(Activity) Please copy out every line in the records below that includes the word "Recover".

(Input for this task)
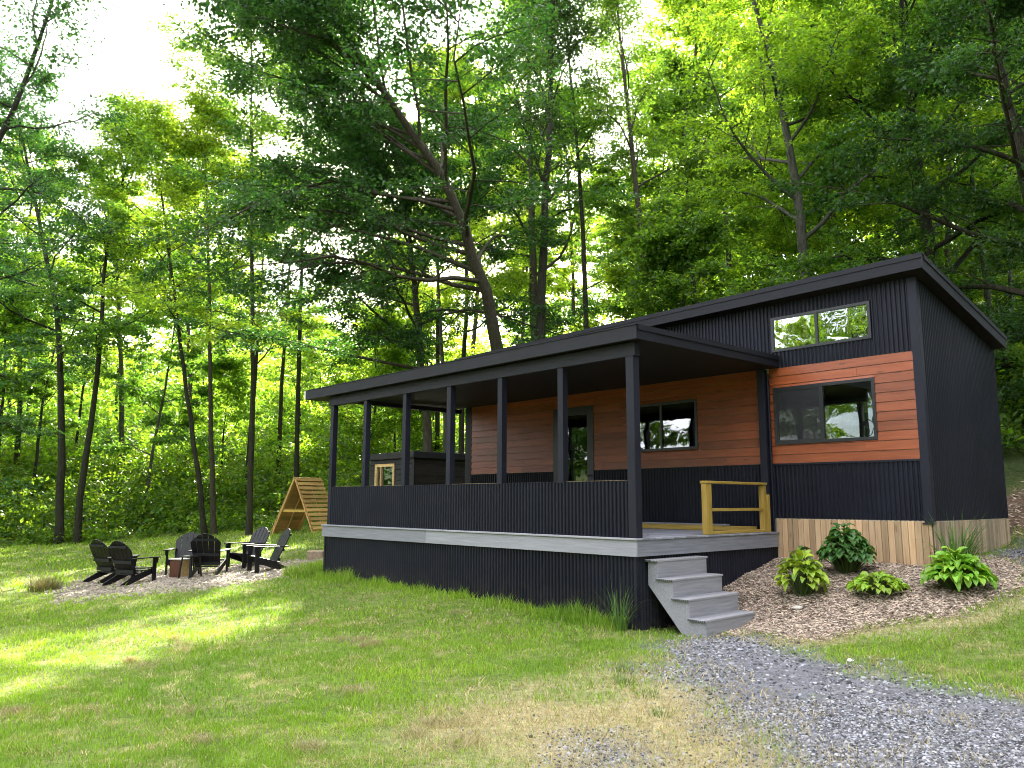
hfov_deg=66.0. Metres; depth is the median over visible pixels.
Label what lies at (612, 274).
young tree
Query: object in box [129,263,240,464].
forest tree
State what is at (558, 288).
tall tree
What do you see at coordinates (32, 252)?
forest tree
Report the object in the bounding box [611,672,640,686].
weed tuft
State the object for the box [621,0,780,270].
tall tree
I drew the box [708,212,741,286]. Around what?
tall tree
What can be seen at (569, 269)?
tall tree
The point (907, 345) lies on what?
cabin
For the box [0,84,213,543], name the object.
forest tree
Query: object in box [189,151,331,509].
forest tree
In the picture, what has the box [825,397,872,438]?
window
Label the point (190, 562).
side table
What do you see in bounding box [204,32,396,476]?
tall tree
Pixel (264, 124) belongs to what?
tall tree
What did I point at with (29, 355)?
tall tree
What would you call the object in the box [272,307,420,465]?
young tree
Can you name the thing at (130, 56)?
sky
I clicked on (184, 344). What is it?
forest tree
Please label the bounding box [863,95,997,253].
tall tree
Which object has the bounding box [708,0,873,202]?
tall tree
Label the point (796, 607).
stone
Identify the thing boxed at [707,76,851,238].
tall tree
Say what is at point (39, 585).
grass clump
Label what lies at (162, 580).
gravel stones
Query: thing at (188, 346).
tall tree
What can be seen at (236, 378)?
young tree
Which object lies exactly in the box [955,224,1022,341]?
young tree
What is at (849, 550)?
leafy bush
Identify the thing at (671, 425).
window
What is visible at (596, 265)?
forest tree
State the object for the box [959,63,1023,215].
forest tree
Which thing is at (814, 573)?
hosta
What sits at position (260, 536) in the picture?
garden chair
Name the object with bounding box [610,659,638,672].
weed tuft
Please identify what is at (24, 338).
forest tree
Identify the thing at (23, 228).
tall tree
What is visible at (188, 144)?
forest tree
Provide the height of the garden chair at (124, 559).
0.989 m
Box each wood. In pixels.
[0,255,1021,485]
[2,243,623,420]
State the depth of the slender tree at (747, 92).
29.72 m
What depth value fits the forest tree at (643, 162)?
39.31 m
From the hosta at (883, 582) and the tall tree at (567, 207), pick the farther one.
the tall tree at (567, 207)
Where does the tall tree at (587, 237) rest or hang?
on the ground at (1014, 469)
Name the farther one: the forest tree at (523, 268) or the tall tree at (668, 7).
the forest tree at (523, 268)
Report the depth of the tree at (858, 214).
26.29 m
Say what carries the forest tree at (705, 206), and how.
on the ground at (1014, 469)
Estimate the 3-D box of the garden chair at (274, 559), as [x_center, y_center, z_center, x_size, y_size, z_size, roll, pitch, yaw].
[-5.635,3.873,18.425,0.960,0.989,0.800,6,-10,-32]
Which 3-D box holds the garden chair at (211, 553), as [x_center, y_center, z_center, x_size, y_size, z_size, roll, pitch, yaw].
[-7.052,3.961,18.361,0.800,0.989,0.960,1,-8,-4]
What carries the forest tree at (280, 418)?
on the ground at (1014, 469)
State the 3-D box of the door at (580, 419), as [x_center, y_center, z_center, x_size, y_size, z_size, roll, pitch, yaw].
[1.275,1.661,16.348,0.150,2.370,1.130,8,-11,-42]
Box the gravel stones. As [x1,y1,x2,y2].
[39,549,1023,767]
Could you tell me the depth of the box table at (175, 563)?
18.26 m
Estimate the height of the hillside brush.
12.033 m
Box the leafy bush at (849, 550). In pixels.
[816,523,876,573]
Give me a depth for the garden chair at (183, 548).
19.71 m
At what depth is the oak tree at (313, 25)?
20.42 m
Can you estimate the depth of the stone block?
19.70 m
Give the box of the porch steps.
[645,556,755,637]
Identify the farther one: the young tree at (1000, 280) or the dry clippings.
the young tree at (1000, 280)
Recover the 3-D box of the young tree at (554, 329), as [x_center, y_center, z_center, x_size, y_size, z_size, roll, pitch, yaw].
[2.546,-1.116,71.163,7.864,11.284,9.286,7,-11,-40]
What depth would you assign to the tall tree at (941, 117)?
29.01 m
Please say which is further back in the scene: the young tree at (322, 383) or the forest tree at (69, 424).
the young tree at (322, 383)
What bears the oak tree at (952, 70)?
on the ground at (1014, 469)
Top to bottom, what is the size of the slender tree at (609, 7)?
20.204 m
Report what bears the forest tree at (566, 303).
on the ground at (1014, 469)
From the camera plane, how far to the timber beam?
13.59 m
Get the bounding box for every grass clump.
[19,571,68,591]
[596,578,655,630]
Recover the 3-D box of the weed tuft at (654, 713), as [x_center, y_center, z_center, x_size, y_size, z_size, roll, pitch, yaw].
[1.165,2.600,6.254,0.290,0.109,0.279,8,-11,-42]
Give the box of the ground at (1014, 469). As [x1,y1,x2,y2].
[0,381,1023,767]
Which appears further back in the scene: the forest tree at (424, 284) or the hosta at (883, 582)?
the forest tree at (424, 284)
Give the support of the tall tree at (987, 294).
on the ground at (1014, 469)
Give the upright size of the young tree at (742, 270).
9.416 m
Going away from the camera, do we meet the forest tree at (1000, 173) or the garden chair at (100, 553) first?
the garden chair at (100, 553)
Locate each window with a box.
[640,399,697,451]
[770,301,871,352]
[773,377,877,444]
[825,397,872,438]
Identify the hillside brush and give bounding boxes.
[422,326,1023,455]
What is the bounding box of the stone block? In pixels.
[306,550,323,559]
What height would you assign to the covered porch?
4.345 m
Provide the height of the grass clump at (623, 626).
0.776 m
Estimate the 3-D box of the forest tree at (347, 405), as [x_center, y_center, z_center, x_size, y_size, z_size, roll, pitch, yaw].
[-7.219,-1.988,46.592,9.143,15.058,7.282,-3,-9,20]
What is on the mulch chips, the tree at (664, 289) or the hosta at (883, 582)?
the hosta at (883, 582)
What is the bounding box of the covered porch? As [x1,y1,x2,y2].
[304,323,779,630]
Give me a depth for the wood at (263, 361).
84.83 m
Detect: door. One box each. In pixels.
[374,463,395,485]
[553,405,594,481]
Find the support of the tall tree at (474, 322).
on the ground at (1014, 469)
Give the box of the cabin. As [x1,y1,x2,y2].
[455,252,1010,566]
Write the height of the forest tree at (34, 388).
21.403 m
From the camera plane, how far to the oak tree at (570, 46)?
26.89 m
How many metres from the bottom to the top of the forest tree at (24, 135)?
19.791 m
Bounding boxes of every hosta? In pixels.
[773,547,830,596]
[846,570,910,594]
[920,546,998,591]
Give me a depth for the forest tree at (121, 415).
43.79 m
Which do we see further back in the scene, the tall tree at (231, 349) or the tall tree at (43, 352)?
the tall tree at (231, 349)
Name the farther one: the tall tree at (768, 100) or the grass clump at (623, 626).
the tall tree at (768, 100)
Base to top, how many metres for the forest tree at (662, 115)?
17.249 m
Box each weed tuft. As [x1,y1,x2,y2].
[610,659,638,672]
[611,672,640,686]
[631,686,661,698]
[644,704,675,717]
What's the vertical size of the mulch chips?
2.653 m
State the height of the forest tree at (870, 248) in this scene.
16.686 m
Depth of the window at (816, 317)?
12.75 m
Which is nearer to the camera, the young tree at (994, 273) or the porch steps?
the porch steps
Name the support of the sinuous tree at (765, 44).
on the ground at (1014, 469)
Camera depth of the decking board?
13.78 m
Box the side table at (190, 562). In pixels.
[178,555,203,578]
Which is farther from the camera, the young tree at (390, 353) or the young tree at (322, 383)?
the young tree at (322, 383)
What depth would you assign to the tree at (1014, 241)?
17.44 m
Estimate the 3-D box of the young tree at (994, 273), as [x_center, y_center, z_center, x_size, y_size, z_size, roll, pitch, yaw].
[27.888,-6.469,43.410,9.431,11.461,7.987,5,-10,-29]
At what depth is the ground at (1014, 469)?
7.64 m
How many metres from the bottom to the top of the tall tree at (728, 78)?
22.050 m
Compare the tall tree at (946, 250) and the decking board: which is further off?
the tall tree at (946, 250)
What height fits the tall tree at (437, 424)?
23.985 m
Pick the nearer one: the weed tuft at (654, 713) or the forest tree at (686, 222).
the weed tuft at (654, 713)
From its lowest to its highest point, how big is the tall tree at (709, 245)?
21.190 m
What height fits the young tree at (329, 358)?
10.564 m
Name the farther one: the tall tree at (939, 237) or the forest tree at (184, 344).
the forest tree at (184, 344)
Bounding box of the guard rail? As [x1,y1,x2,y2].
[700,481,770,534]
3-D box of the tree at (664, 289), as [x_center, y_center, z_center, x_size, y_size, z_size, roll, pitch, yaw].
[5.206,-1.526,23.690,8.483,9.383,7.555,8,-11,-42]
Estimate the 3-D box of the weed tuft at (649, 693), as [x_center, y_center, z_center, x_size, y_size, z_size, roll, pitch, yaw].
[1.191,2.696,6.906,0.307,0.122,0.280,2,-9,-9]
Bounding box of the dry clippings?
[0,544,1023,767]
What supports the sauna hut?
on the ground at (1014, 469)
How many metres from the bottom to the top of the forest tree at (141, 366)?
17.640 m
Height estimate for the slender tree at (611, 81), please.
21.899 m
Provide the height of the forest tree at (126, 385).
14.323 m
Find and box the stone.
[791,605,801,609]
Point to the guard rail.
(763, 509)
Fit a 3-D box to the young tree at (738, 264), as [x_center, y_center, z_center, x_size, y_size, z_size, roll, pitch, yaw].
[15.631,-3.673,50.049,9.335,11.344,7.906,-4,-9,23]
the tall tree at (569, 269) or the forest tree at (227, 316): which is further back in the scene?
the forest tree at (227, 316)
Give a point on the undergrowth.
(162, 501)
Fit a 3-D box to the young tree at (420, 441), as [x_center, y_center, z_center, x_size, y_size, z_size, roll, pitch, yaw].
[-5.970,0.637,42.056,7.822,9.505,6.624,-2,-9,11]
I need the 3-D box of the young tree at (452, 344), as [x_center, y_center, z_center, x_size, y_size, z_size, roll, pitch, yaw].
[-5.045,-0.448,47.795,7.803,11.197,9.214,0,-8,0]
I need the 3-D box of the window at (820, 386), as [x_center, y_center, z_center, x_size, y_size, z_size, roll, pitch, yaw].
[4.959,0.456,12.553,0.084,0.949,1.671,8,-11,-42]
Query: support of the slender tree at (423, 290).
on the ground at (1014, 469)
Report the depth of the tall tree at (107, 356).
47.56 m
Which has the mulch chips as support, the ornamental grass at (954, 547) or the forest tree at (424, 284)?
the ornamental grass at (954, 547)
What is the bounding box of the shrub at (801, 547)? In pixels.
[787,545,814,579]
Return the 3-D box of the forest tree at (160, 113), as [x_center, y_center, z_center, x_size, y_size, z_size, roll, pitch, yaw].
[-13.328,-2.779,30.902,7.342,17.526,8.254,8,-11,-42]
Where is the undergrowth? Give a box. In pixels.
[0,404,442,546]
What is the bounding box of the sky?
[0,0,992,401]
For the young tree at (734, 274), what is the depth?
35.24 m
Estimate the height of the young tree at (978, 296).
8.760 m
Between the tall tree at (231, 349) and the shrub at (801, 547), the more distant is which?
the tall tree at (231, 349)
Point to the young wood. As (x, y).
(138, 410)
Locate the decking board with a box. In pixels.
[642,522,729,525]
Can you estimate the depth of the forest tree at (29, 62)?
19.36 m
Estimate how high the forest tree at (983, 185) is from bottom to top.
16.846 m
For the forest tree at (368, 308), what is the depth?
82.13 m
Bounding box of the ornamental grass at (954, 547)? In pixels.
[908,510,1018,554]
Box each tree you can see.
[0,0,141,506]
[0,55,180,544]
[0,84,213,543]
[0,129,98,478]
[0,156,52,402]
[0,236,73,448]
[0,245,24,396]
[0,250,38,408]
[0,264,113,503]
[2,226,66,455]
[22,265,63,410]
[45,257,139,471]
[53,155,205,472]
[65,209,170,434]
[70,245,234,522]
[73,89,282,533]
[90,82,306,534]
[119,130,258,477]
[121,0,342,534]
[126,0,641,350]
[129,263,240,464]
[155,297,247,413]
[161,83,599,451]
[165,350,293,479]
[181,302,243,383]
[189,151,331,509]
[193,281,262,356]
[199,164,349,473]
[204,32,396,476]
[244,303,343,432]
[270,316,363,425]
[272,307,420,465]
[290,321,387,415]
[307,235,440,441]
[310,306,458,451]
[340,268,402,374]
[357,151,533,452]
[369,263,435,356]
[371,283,483,435]
[373,36,523,451]
[373,46,576,453]
[412,59,560,354]
[419,0,632,340]
[463,0,629,340]
[468,125,595,340]
[490,210,566,340]
[498,248,561,344]
[499,0,642,328]
[508,80,630,331]
[525,311,566,341]
[547,211,607,333]
[558,0,722,303]
[558,197,714,332]
[566,44,782,317]
[571,80,728,329]
[575,197,666,319]
[582,0,775,290]
[594,190,716,279]
[595,186,850,420]
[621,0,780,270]
[628,191,712,318]
[642,151,739,291]
[655,0,1023,279]
[656,166,732,310]
[661,8,856,275]
[690,201,814,298]
[705,4,951,273]
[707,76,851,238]
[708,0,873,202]
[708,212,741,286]
[723,0,1023,379]
[724,0,913,414]
[724,249,783,289]
[732,265,765,291]
[735,117,914,426]
[755,0,1023,391]
[792,4,997,255]
[794,0,1021,247]
[809,208,895,263]
[810,220,892,257]
[840,1,1023,319]
[859,0,1023,279]
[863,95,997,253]
[889,89,1023,301]
[893,7,1023,344]
[905,238,993,312]
[943,167,1021,315]
[951,203,1023,326]
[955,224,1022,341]
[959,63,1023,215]
[962,146,1023,410]
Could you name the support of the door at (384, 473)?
in the sauna hut
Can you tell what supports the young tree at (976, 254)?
on the ground at (1014, 469)
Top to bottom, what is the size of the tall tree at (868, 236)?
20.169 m
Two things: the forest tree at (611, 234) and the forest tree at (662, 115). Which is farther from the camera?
the forest tree at (611, 234)
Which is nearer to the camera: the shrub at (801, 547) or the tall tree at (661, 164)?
the shrub at (801, 547)
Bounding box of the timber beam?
[642,523,756,530]
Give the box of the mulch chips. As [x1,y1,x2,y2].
[717,481,1023,642]
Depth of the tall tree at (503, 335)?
85.57 m
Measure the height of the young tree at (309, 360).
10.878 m
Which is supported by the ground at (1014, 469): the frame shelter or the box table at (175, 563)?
the frame shelter
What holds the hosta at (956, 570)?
on the mulch chips
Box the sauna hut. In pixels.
[370,451,464,485]
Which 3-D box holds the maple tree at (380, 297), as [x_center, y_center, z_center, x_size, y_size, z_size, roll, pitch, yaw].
[-3.709,-2.814,26.573,14.668,15.143,10.633,4,-9,-25]
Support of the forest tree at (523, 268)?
on the ground at (1014, 469)
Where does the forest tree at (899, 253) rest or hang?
on the ground at (1014, 469)
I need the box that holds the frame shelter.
[271,477,327,533]
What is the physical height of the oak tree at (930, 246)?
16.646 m
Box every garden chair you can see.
[83,539,139,583]
[102,540,160,585]
[163,532,202,574]
[188,533,231,577]
[224,527,269,567]
[246,528,291,572]
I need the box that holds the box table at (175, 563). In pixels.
[169,558,189,577]
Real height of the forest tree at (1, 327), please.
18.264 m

(Your response)
Recover the 3-D box of the young tree at (554, 329), as [x_center, y_center, z_center, x_size, y_size, z_size, roll, pitch, yaw].
Recover the 3-D box of the weed tuft at (654, 713), as [x_center, y_center, z_center, x_size, y_size, z_size, roll, pitch, yaw].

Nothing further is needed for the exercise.